Kino's Journey (Movies)

Synopsis

These are two short movies designed as additions to the original Kino's Journey anime, the first being a prequel that depicts Kino's relationship with the "master" briefly seen in the first series and the second being a visit to an additional country.


Review

Warning: This review contains spoilers regarding the original series, especially the fourth episode. Proceed at your own risk if you have not completed it.

I have nothing but admiration and love for Kino's Journey. Its episodic philosophical explorations make for some of the most fascinating television I've yet encountered, and that, combined with two excellently placed leads and a haunting underlying story, has made it into one of my favorite anime series. Although short, every episode delivers a punch, and not even the weakest stories fail to leave me with a long train of thought afterwards. Thus it seems, on the outside, that I would express the same enthusiasm for the additional stories that were released as short theatrical features following the show's conclusion, but although I still recommend them to anyone who liked the original series, it turns out to not quite be the case. For although the movies largely carry the spirit and intent of the television series, they feel like afterthoughts to a show that, in my opinion, could not have ended on a better note than it did, playing out like interesting but inessential side stories as a result.

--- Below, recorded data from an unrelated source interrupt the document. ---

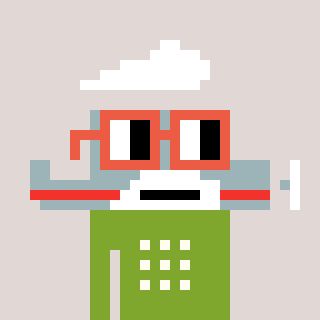
a pixel art character with square orange glasses, a plane-shaped head and a slimegreen-colored body on a warm background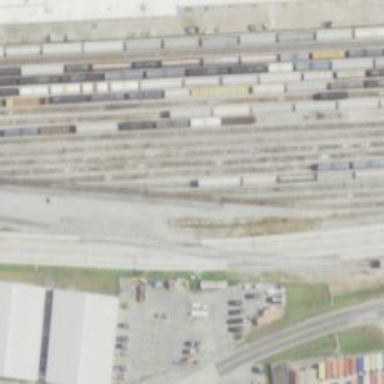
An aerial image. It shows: Railway yard.
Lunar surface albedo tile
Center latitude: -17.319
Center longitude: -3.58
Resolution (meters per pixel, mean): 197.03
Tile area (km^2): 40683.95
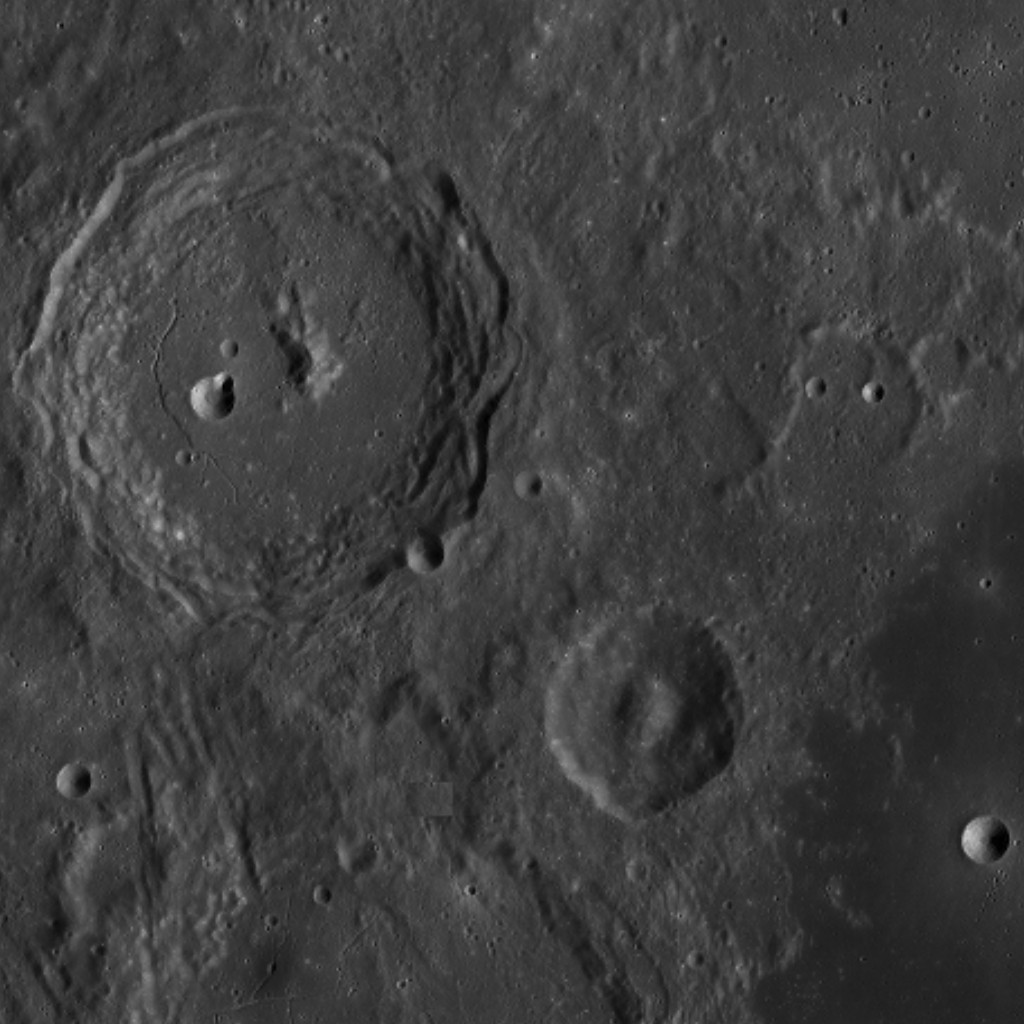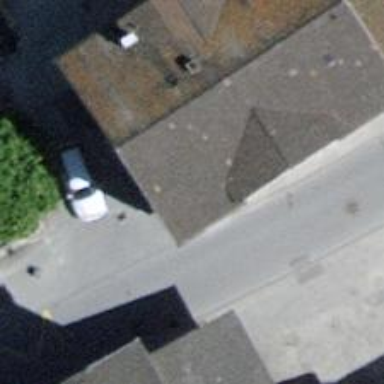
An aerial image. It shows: Cafe.

Of the two movies, Life Goes On, which depicts Kino's time with the "master" briefly seen near the end of the series as well as her guilt over the death of the original Kino, adds the most to the story. Those interested in seeing how exactly our Kino went from being a dress-clad child to the androgynous motorcycle traveller will find this fascinating, as will those interested in seeing the development of her relationship with Hermes. The story, as it is, reveals quite a bit about her and the original Kino but frustratingly little about her master, and since that seems to have been the point of making this piece in the first place, it's possible to come away feeling let down. Still, it plays out as masterfully as any other episode of the series, showing its uncanny ability to lure the viewer into a lull and then hurl something utterly frightening and unsettling at them. Although this piece is helmed by a different director (with Takashi Watanabe replacing Ryutaro Nakamura), it's very much in keeping with the spirit of the show, and while it would, if placed in the context of the main series, be one of the less compelling episodes, the show's overall quality makes that issue fairly insignificant.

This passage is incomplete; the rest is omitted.